Side scan sonar data offshore of Khao Lak were previously interpreted, discerning the facies “fringing reef and adjacent paleoreefs”, “sandy inner shelf environment” and “shallow fine-grained sediments (flash flood deposits)” [30]. Here, we focus on the description of sand ridges striking oblique to the coastline in an ENE—SWS direction and associated elongated patches of finer sediments, characterized by low backscatter intensities, in the inner shelf environment above 28 m bsl.
The sand ridges occur north of Pakarang Cape (Figure 4 and Figure 5). In the available data, none of those ridges have been observed offshore of Thap Lamu and the inlet between Pakarang Cape and the island Ko Phra Thong, where an increasing amount of fine sand accumulates (labelled in Figure 4 as sediment accumulation). Where the ridges have been fully surveyed, their lengths exceed 1 km and can reach up to a maximum of 5.4 km. Offshore of Pakarang Cape, their landward onset is at 17 to 18 m water depth and the ridges fade in water depths of 28 m. This maximum depth coincides with a marked change in the seafloor sediment composition observed in side scan sonar images by a shift to brighter colors (Figure 1), indicating finer-grained sediment. The geomorphology shows a break of the slope in an across-shore direction between the inner and the mid-shelf, seen in the seismic lines (Figure 2). Towards the north, offshore of Ko Phra Thong, only single hydroacoustic profiles cross the sand ridges and therefore their spatial extent across-shelf is unknown. Ridges could only be observed in depths from 20 m to 26 m bsl. However, their dimensions diminish at 26 m water depth, suggesting that the sand ridge system fades out close to this depth.
The distance between two sand ridge crests varies from almost 4 km offshore of Pakarang Cape (Figure 6) to 600 m at its minimum in the north (Figure 7), with an average of their distance between 1 km and 1.5 km. The strike direction of the ridges varies from 50° to 70°. The bedforms are oblique to the coastline, which is approximately N-S, at approximately the same angle. The sand ridges are asymmetric (Figure 5 and Figure 6), with a steeper seaward (northern) slope and a gentler landward (southern) slope. The seaward slope varies from 0.6° to 1.2°, while the landward slope varies from 0.1° to 0.3°. The height of 23 measured sand ridges varies from 0.6 to 4.2 m, with a mean value of 1.7 m and a standard deviation of 0.9 m. Previously published seismic profiles show an internal stratification in two sand ridges [36]. In most cases, no seismic reflector can be seen at the base of the sand ridges.

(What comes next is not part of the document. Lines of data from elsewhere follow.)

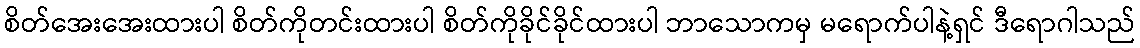
စိတ်အေးအေးထားပါ စိတ်ကိုတင်းထားပါ စိတ်ကိုခိုင်ခိုင်ထားပါ ဘာသောကမှ မရောက်ပါနဲ့ရှင် ဒီရောဂါသည်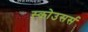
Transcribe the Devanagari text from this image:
स्कोउसर्स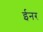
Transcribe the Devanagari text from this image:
ईनर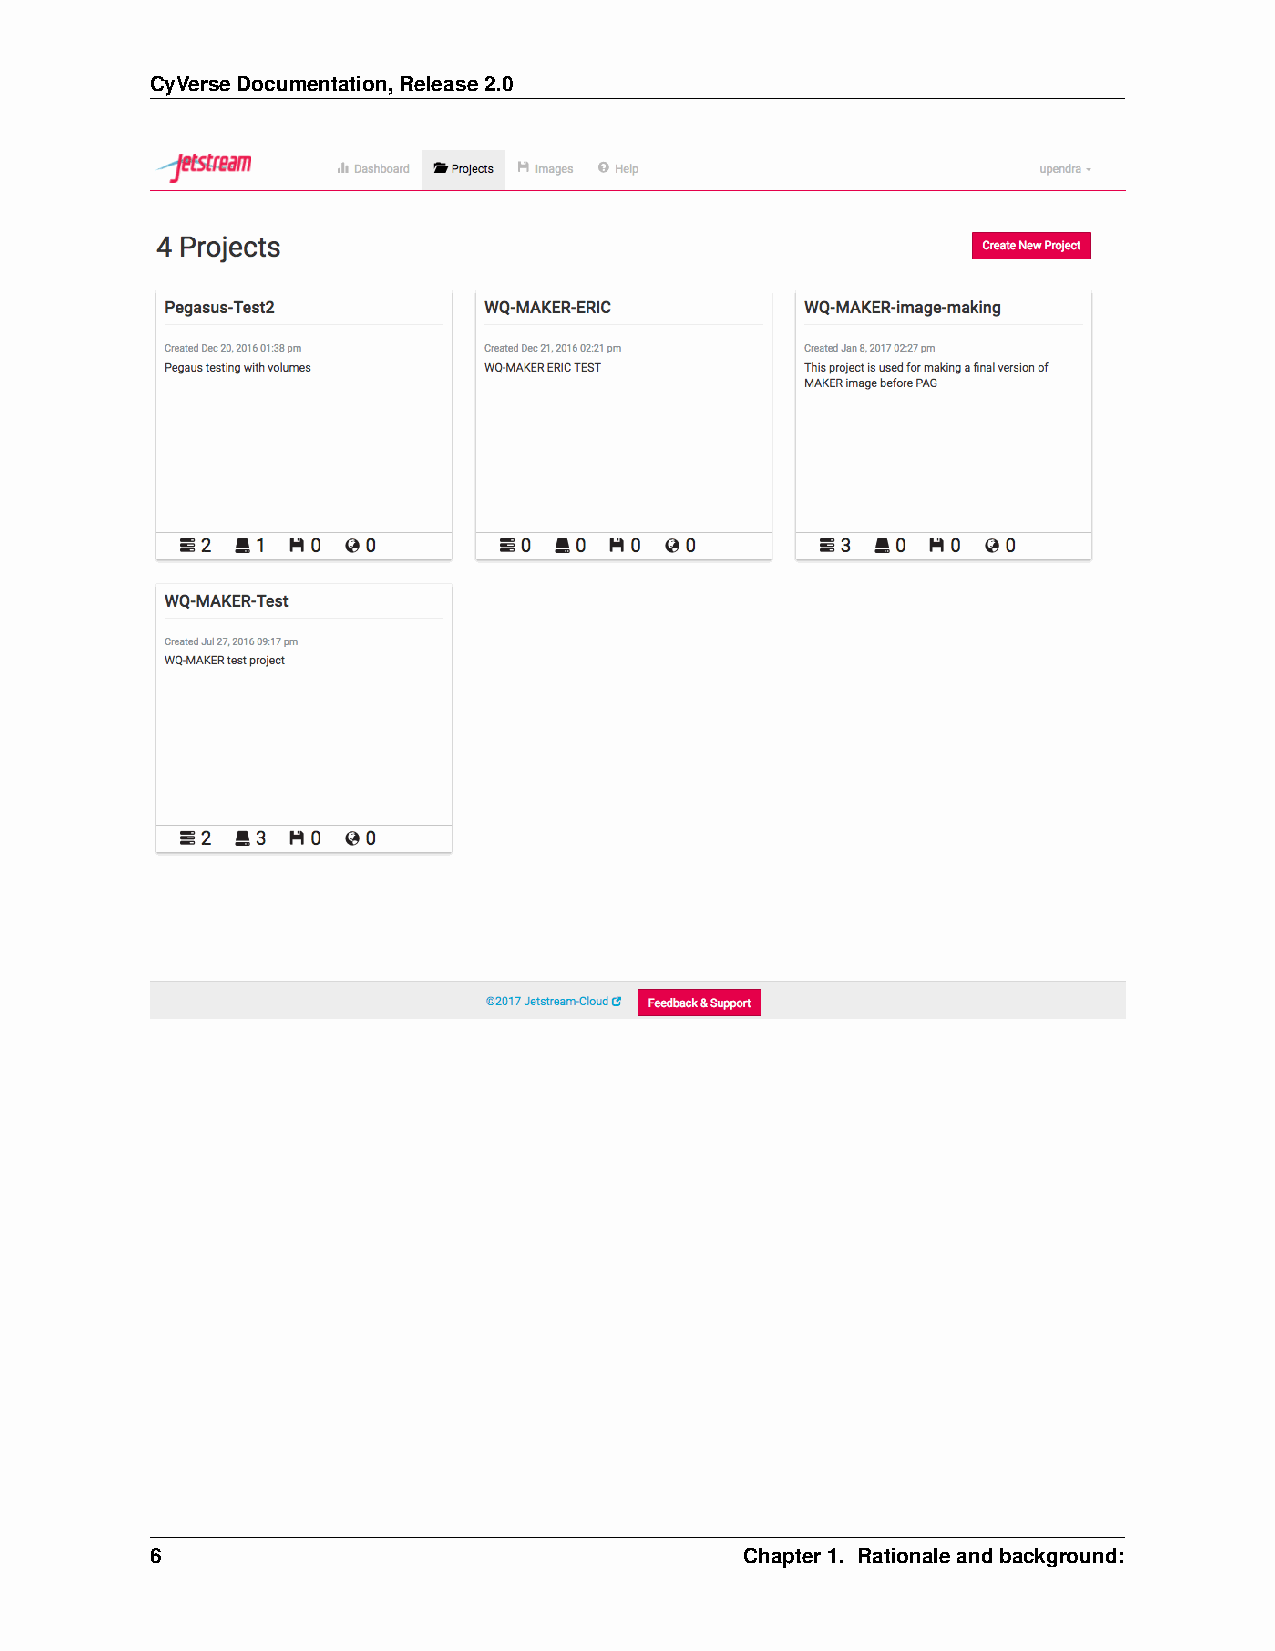
CyVerseDocumentation,Release2.0
 6                                      Chapter1. Rationaleandbackground: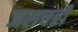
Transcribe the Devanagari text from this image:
जलचरी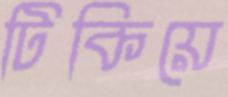
টিকিয়ে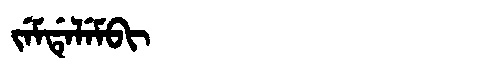
Manchu: ᠵᡝᠮᡩᡝᠯᡝᠮᠪᡳ
Romanization: JEMDELEMBI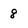
Character: g

However, for some ridges, a horizontal unconformity is faintly observed at their base above the acoustic basement (Figure 4 and Figure 5).
The sediments that build up the seaward slope of the sand ridges have a first mode in the fine-to-medium sand fraction (Figure 8), while the landward slope is composed of poorly sorted medium to coarse sand. The seafloor next to the sand ridges is often composed of coarser sediment, which is poorly sorted and includes coral fragments. The first modes are located in the medium to coarse sand fraction (Figure 8).
Fine sand on the seaward side of the ridges forms delicate structures that are observed in side scan sonar mosaics but are not recognized in the seafloor reflection of the seismic profiles. The structures are observed north of Thap Lamu harbor, and their abundance increases north of the inlet between Pakarang Cape and Ko Phra Thong (Figure 6 and Figure 7). They can be of local appearance and are not always observed along the whole length of the sand ridges. The shapes of the patches form a continuum ranging from distinct to fuzzy shapes, with individual widths ranging from a few meters up to 80 m towards continuous, featureless sediment sheets (examples are shown in insets of Figure 6 and Figure 7). The orientation of the features is NNW-SSE, varying from 110° to 135°. The comparison of bathymetric and backscatter data shows that the fine sand forms a dune system on top of the coarser sand substratum, between the crest and trough of the sand ridges. The larger, more distinct features show higher amplitudes and wavelengths, with heights of approximately 0.2 to 0.5 m (Figure 9) and crest-to-crest distances ranging from 20 m to 50 m, while the smaller bedforms have wavelengths of 15 to 25 m. Their heights are less than 0.2 m and thus cannot be reliably resolved within the available bathymetric datasets. Measured slope values for the larger features vary between 0.2° and 0.7°, with no clear symmetry or asymmetry of the dune flanks.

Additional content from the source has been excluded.